Engine data deletion
The engine slows down if the historic data grows significantly over time, particularly in cases where the amount of data streaming in each day is large. One solution to this is to remove old data from the engine on a regular basis, yet still importing the data to Optimize so it can be used for deeper analytics.
To support the described use-case, Optimize does not care if you delete any data on the engine side. Specifically, Optimize does not sync with the engine on data deletion. If you want to remove any data from Optimize, you can either erase the data from Elasticsearch or use the Optimize History Cleanup Feature.

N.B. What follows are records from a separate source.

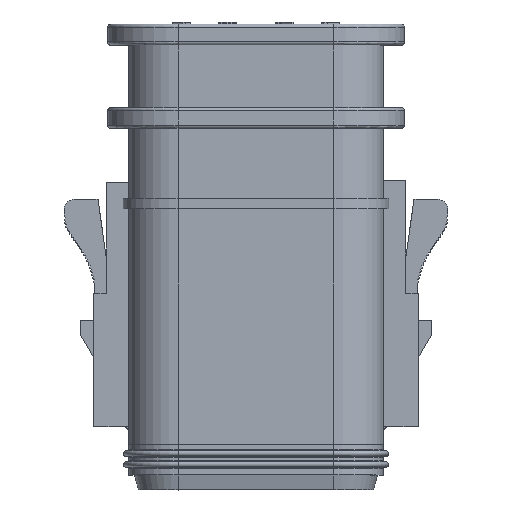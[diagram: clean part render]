
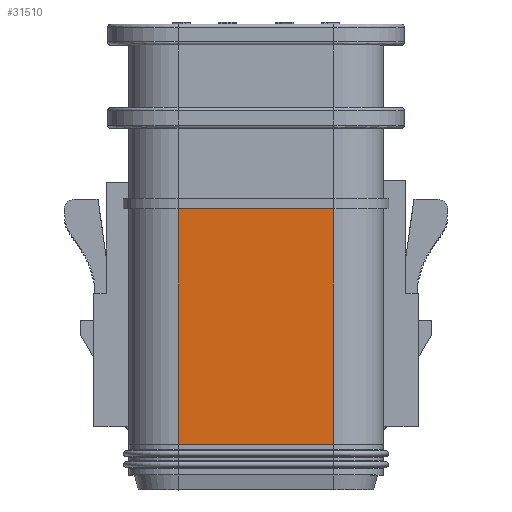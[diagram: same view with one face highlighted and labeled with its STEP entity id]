
A CAD part, top view. The second image highlights one B-rep face of the part: STEP entity #31510.
In plain terms, the highlighted planar face has unit normal (0, 0, 1).
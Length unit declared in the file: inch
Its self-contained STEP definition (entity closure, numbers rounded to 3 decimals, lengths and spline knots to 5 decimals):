
#495 = LINE ( 'NONE', #36449, #37516 ) ;
#702 = ORIENTED_EDGE ( 'NONE', *, *, #12370, .T. ) ;
#1071 = CARTESIAN_POINT ( 'NONE',  ( -0.29429, 0.15354, 0.38878 ) ) ;
#1764 = EDGE_CURVE ( 'NONE', #32092, #41289, #495, .T. ) ;
#3263 = LINE ( 'NONE', #27253, #41985 ) ;
#5368 = CARTESIAN_POINT ( 'NONE',  ( -0.4813, 0., 0.38878 ) ) ;
#5546 = CARTESIAN_POINT ( 'NONE',  ( -0.29429, 0., 0.38878 ) ) ;
#6601 = EDGE_LOOP ( 'NONE', ( #8109, #702, #12006, #29142 ) ) ;
#8109 = ORIENTED_EDGE ( 'NONE', *, *, #26078, .T. ) ;
#8571 = DIRECTION ( 'NONE',  ( 1., 0., 0. ) ) ;
#9762 = DIRECTION ( 'NONE',  ( -1., 0., 0. ) ) ;
#10841 = VERTEX_POINT ( 'NONE', #17642 ) ;
#12006 = ORIENTED_EDGE ( 'NONE', *, *, #1764, .T. ) ;
#12337 = AXIS2_PLACEMENT_3D ( 'NONE', #5368, #20421, #20899 ) ;
#12370 = EDGE_CURVE ( 'NONE', #37168, #32092, #3263, .T. ) ;
#13548 = FACE_OUTER_BOUND ( 'NONE', #6601, .T. ) ;
#13826 = CARTESIAN_POINT ( 'NONE',  ( -0.4813, 1.04252, 0.38878 ) ) ;
#14197 = VECTOR ( 'NONE', #9762, 39.37008 ) ;
#15248 = VECTOR ( 'NONE', #25828, 39.37008 ) ;
#17642 = CARTESIAN_POINT ( 'NONE',  ( -0.29429, 1.04252, 0.38878 ) ) ;
#20421 = DIRECTION ( 'NONE',  ( 0., 0., 1. ) ) ;
#20899 = DIRECTION ( 'NONE',  ( 1., 0., 0. ) ) ;
#21804 = LINE ( 'NONE', #13826, #14197 ) ;
#24450 = EDGE_CURVE ( 'NONE', #41289, #10841, #21804, .T. ) ;
#25828 = DIRECTION ( 'NONE',  ( 0., -1., 0. ) ) ;
#26078 = EDGE_CURVE ( 'NONE', #10841, #37168, #28762, .T. ) ;
#27253 = CARTESIAN_POINT ( 'NONE',  ( -0.4813, 0.15354, 0.38878 ) ) ;
#28762 = LINE ( 'NONE', #5546, #15248 ) ;
#29142 = ORIENTED_EDGE ( 'NONE', *, *, #24450, .T. ) ;
#31510 = ADVANCED_FACE ( 'NONE', ( #13548 ), #39460, .T. ) ;
#32092 = VERTEX_POINT ( 'NONE', #39673 ) ;
#34585 = CARTESIAN_POINT ( 'NONE',  ( 0.29429, 1.04252, 0.38878 ) ) ;
#36449 = CARTESIAN_POINT ( 'NONE',  ( 0.29429, 0., 0.38878 ) ) ;
#37168 = VERTEX_POINT ( 'NONE', #1071 ) ;
#37516 = VECTOR ( 'NONE', #40357, 39.37008 ) ;
#39460 = PLANE ( 'NONE',  #12337 ) ;
#39673 = CARTESIAN_POINT ( 'NONE',  ( 0.29429, 0.15354, 0.38878 ) ) ;
#40357 = DIRECTION ( 'NONE',  ( 0., 1., 0. ) ) ;
#41289 = VERTEX_POINT ( 'NONE', #34585 ) ;
#41985 = VECTOR ( 'NONE', #8571, 39.37008 ) ;

The subsections below describe the ways in which Optimize handles data deletion from the engine.
Deletion of historic data
There are two possible ways of doing this:
- Historic Cleanup: If you have enabled the history cleanup, historic data will be removed in the engine based on configurable time-to-live.

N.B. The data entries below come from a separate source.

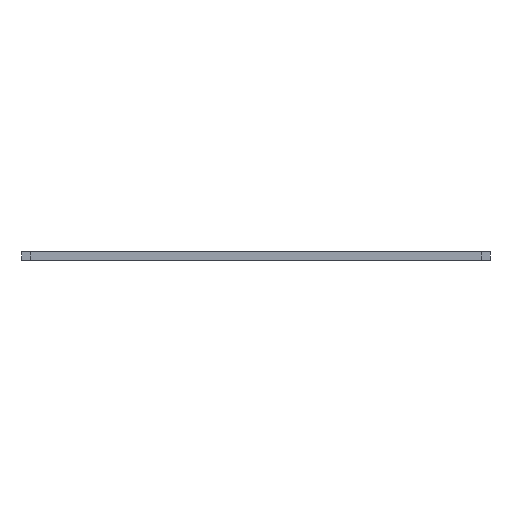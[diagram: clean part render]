
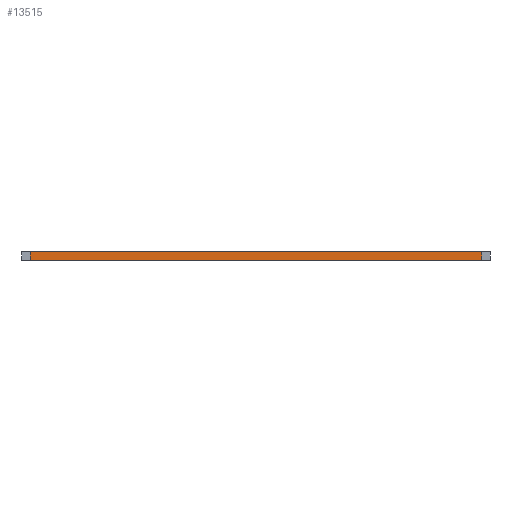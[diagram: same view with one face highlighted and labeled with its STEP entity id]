
A CAD part, left-side view. The second image highlights one B-rep face of the part: STEP entity #13515.
In plain terms, the highlighted planar face has unit normal (-1, 0, 0).
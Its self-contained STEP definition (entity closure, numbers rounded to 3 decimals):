
#417 = VECTOR ( 'NONE', #12303, 1000. ) ;
#561 = LINE ( 'NONE', #2106, #10447 ) ;
#1702 = FACE_OUTER_BOUND ( 'NONE', #1986, .T. ) ;
#1986 = EDGE_LOOP ( 'NONE', ( #14833, #10984, #6271, #6279 ) ) ;
#2106 = CARTESIAN_POINT ( 'NONE',  ( -91.5, -38., 0. ) ) ;
#2231 = EDGE_CURVE ( 'NONE', #4731, #12061, #561, .T. ) ;
#2774 = CARTESIAN_POINT ( 'NONE',  ( -91.5, -38., 0. ) ) ;
#3375 = DIRECTION ( 'NONE',  ( 0., -1., 0. ) ) ;
#4482 = CARTESIAN_POINT ( 'NONE',  ( -91.5, -38., 8. ) ) ;
#4528 = LINE ( 'NONE', #4482, #13391 ) ;
#4731 = VERTEX_POINT ( 'NONE', #7667 ) ;
#5647 = DIRECTION ( 'NONE',  ( 0., 0., 1. ) ) ;
#6045 = CARTESIAN_POINT ( 'NONE',  ( -91.5, -38., 8. ) ) ;
#6271 = ORIENTED_EDGE ( 'NONE', *, *, #2231, .T. ) ;
#6279 = ORIENTED_EDGE ( 'NONE', *, *, #9660, .T. ) ;
#6340 = CARTESIAN_POINT ( 'NONE',  ( -91.5, 412.3, 8. ) ) ;
#7667 = CARTESIAN_POINT ( 'NONE',  ( -91.5, 412.3, 0. ) ) ;
#8592 = LINE ( 'NONE', #2774, #417 ) ;
#9422 = CARTESIAN_POINT ( 'NONE',  ( -91.5, -38., 0. ) ) ;
#9660 = EDGE_CURVE ( 'NONE', #12061, #17165, #8592, .T. ) ;
#9784 = LINE ( 'NONE', #13550, #13818 ) ;
#10447 = VECTOR ( 'NONE', #11479, 1000. ) ;
#10869 = VERTEX_POINT ( 'NONE', #6340 ) ;
#10984 = ORIENTED_EDGE ( 'NONE', *, *, #16343, .F. ) ;
#11479 = DIRECTION ( 'NONE',  ( 0., -1., 0. ) ) ;
#12061 = VERTEX_POINT ( 'NONE', #9422 ) ;
#12110 = AXIS2_PLACEMENT_3D ( 'NONE', #16098, #13409, #14839 ) ;
#12303 = DIRECTION ( 'NONE',  ( 0., 0., 1. ) ) ;
#13391 = VECTOR ( 'NONE', #3375, 1000. ) ;
#13409 = DIRECTION ( 'NONE',  ( -1., 0., 0. ) ) ;
#13515 = ADVANCED_FACE ( 'NONE', ( #1702 ), #17291, .T. ) ;
#13550 = CARTESIAN_POINT ( 'NONE',  ( -91.5, 412.3, 0. ) ) ;
#13818 = VECTOR ( 'NONE', #5647, 1000. ) ;
#14372 = EDGE_CURVE ( 'NONE', #10869, #17165, #4528, .T. ) ;
#14833 = ORIENTED_EDGE ( 'NONE', *, *, #14372, .F. ) ;
#14839 = DIRECTION ( 'NONE',  ( 0., 0., 1. ) ) ;
#16098 = CARTESIAN_POINT ( 'NONE',  ( -91.5, -38., 0. ) ) ;
#16343 = EDGE_CURVE ( 'NONE', #4731, #10869, #9784, .T. ) ;
#17165 = VERTEX_POINT ( 'NONE', #6045 ) ;
#17291 = PLANE ( 'NONE',  #12110 ) ;
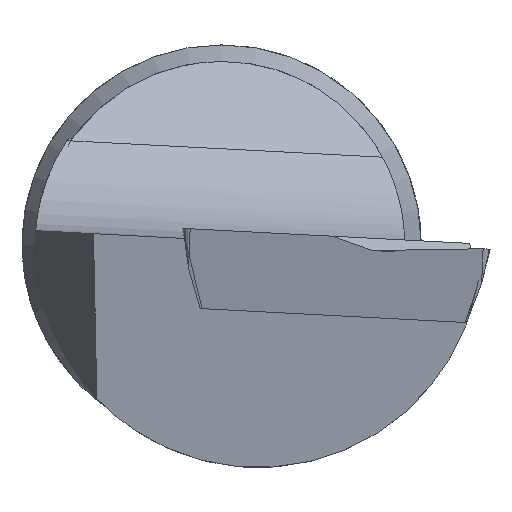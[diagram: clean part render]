
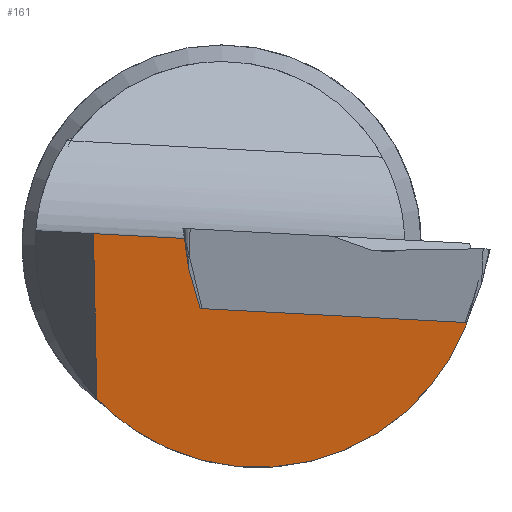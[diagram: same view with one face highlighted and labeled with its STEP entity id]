
A CAD part, left-side view. The second image highlights one B-rep face of the part: STEP entity #161.
In plain terms, the highlighted planar face has unit normal (-0.991, 0.058, -0.119).
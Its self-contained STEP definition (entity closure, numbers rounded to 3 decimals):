
#142=ELLIPSE('',#618,6.76,6.7);
#161=ADVANCED_FACE('',(#205),#182,.T.);
#182=PLANE('',#623);
#205=FACE_OUTER_BOUND('',#239,.T.);
#239=EDGE_LOOP('',(#320,#321,#322,#323,#324,#325));
#320=ORIENTED_EDGE('',*,*,#477,.T.);
#321=ORIENTED_EDGE('',*,*,#478,.T.);
#322=ORIENTED_EDGE('',*,*,#439,.F.);
#323=ORIENTED_EDGE('',*,*,#479,.T.);
#324=ORIENTED_EDGE('',*,*,#473,.F.);
#325=ORIENTED_EDGE('',*,*,#480,.T.);
#392=VERTEX_POINT('',#786);
#393=VERTEX_POINT('',#787);
#417=VERTEX_POINT('',#901);
#418=VERTEX_POINT('',#903);
#420=VERTEX_POINT('',#911);
#421=VERTEX_POINT('',#912);
#439=EDGE_CURVE('',#392,#393,#508,.T.);
#473=EDGE_CURVE('',#417,#418,#142,.T.);
#477=EDGE_CURVE('',#420,#421,#521,.T.);
#478=EDGE_CURVE('',#421,#393,#522,.T.);
#479=EDGE_CURVE('',#392,#418,#523,.T.);
#480=EDGE_CURVE('',#417,#420,#524,.T.);
#508=LINE('',#785,#549);
#521=LINE('',#910,#562);
#522=LINE('',#913,#563);
#523=LINE('',#914,#564);
#524=LINE('',#915,#565);
#549=VECTOR('',#643,1.);
#562=VECTOR('',#720,1.);
#563=VECTOR('',#721,1.);
#564=VECTOR('',#722,1.);
#565=VECTOR('',#723,1.);
#618=AXIS2_PLACEMENT_3D('',#902,#709,#710);
#623=AXIS2_PLACEMENT_3D('',#916,#724,#725);
#643=DIRECTION('',(-0.052,-0.997,-0.052));
#709=DIRECTION('',(0.991,-0.058,0.119));
#710=DIRECTION('',(0.132,0.436,-0.89));
#720=DIRECTION('',(0.052,0.997,0.052));
#721=DIRECTION('',(-0.102,0.237,0.966));
#722=DIRECTION('',(0.118,-0.02,-0.993));
#723=DIRECTION('',(0.132,0.324,-0.937));
#724=DIRECTION('',(-0.991,0.058,-0.119));
#725=DIRECTION('',(-0.119,0.,0.993));
#785=CARTESIAN_POINT('',(0.037,-12.912,-0.551));
#786=CARTESIAN_POINT('',(0.917,3.852,0.327));
#787=CARTESIAN_POINT('',(0.772,1.104,0.183));
#901=CARTESIAN_POINT('',(0.435,-7.673,-1.301));
#902=CARTESIAN_POINT('',(0.665,-1.1,0.));
#903=CARTESIAN_POINT('',(1.505,3.751,-4.622));
#910=CARTESIAN_POINT('',(0.292,-12.817,-2.629));
#911=CARTESIAN_POINT('',(0.581,-7.313,-2.341));
#912=CARTESIAN_POINT('',(0.995,0.587,-1.927));
#913=CARTESIAN_POINT('',(1.146,0.237,-3.356));
#914=CARTESIAN_POINT('',(0.881,3.859,0.628));
#915=CARTESIAN_POINT('',(0.074,-8.562,1.269));
#916=CARTESIAN_POINT('',(0.,-12.926,-0.252));

- Manual Deletion: You trigger a manual deletion, e.g. via REST-API.
Optimize can handle this case as it imports the old data first, and once it has imported everything, it will only add to its database new data streaming in.
Manual deletion of deployments/definitions
In most cases, the deletion of deployments and definitions will not cause any problems. If you have several versions of a definition deployed, e.g. 1-4, and you delete the definition/deployment with definition version 1, then this wouldn't cause any issues. The assumption here is that Optimize has imported the definitions and related historical data beforehand. Otherwise, the deleted definition is lost.

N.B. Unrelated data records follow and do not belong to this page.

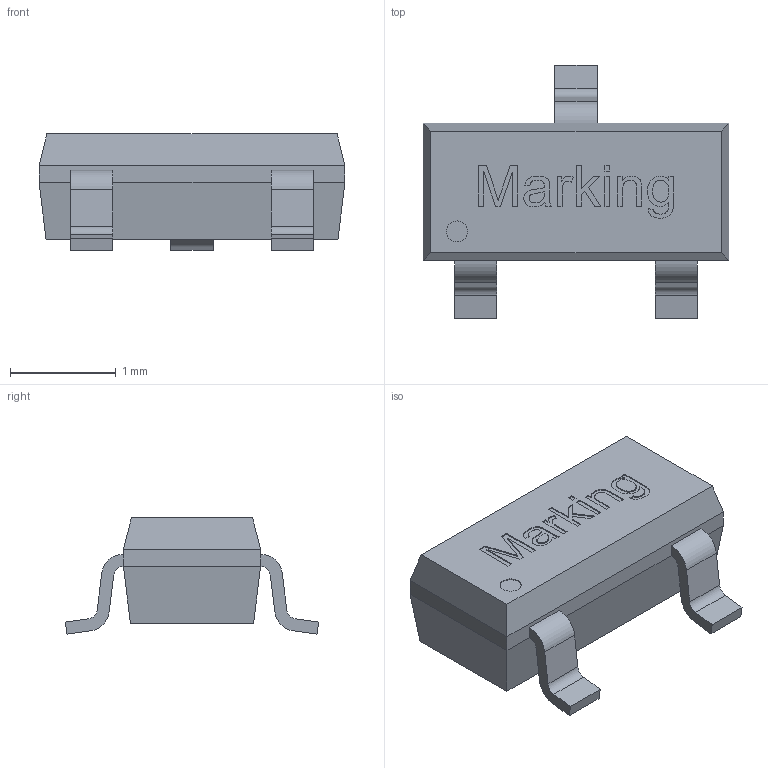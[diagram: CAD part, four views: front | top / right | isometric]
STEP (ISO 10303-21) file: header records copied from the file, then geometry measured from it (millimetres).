
FILE_DESCRIPTION(/* description */ ('Unknown'),/* implementation_level */ '2;1');
FILE_NAME(/* name */ '824022',/* time_stamp */ '2018-11-14T10:40:46+01:00',/* author */ ('Unknown'),/* organization */ ('Unknown'),/* preprocessor_version */ 'ST-DEVELOPER v16.7',/* originating_system */ 'DEX',/* authorisation */ $);
FILE_SCHEMA (('AUTOMOTIVE_DESIGN {1 0 10303 214 3 1 1}'));
Length unit declared in the file: millimetre
Products named in the file (1): 824022
Bounding box: 2.9 x 2.4 x 1.1 mm (x, y, z)
Volume: 3.7 mm3; surface area: 17.8 mm2
Topology: 1 solids, 1 shells, 121 faces, 310 edges, 202 vertices
Faces by surface type: plane 92, bspline 16, cylinder 13
Full cylindrical faces by diameter (mm): 0.2 x1
Entity records: 5019 total; most frequent: CARTESIAN_POINT 1488, ORIENTED_EDGE 616, DIRECTION 422, EDGE_CURVE 308, VERTEX_POINT 202, LINE 158, VECTOR 158, EDGE_LOOP 134

However, there are two scenarios where Optimize will behave differently. The first is depicted as follows:
- You deploy a (process/decision) definition A for the first time.
- Optimize imports definition A with version 1.
- You delete the definition/deployment of the definition without having added another version of it. Definition A with version 1 is removed from the engine.
- You deploy the definition A with the same ID again.
- Optimize imports another definition A with version 1.
Optimize identifies the unique definitions by the combination of definition key
, version
, and tenant
, so in this case will have imported the same definition twice. Optimize handles this by marking the definition with the oldest deployment time as deleted. When selecting definitions in Optimize, definitions that are considered to be deleted will not be selectable for reporting. Any data that Optimize has imported related to the deleted definition will appear in reports that use the non-deleted definition.
To prevent this from happening, avoid deleting and redeploying the same definition (same definition key, tenant, and version) to the engine.
Secondly, when a definition is deleted in the engine before it has been imported by Optimize and the corresponding instance data is still present in the history tables of the engine, Optimize will attempt to import this instance data for both decision reports and for creating event-based processes. In this scenario, Optimize will simply skip the import of the instance data for definitions that it has not already imported and that have since been deleted in the engine. This data will not be available in Optimize.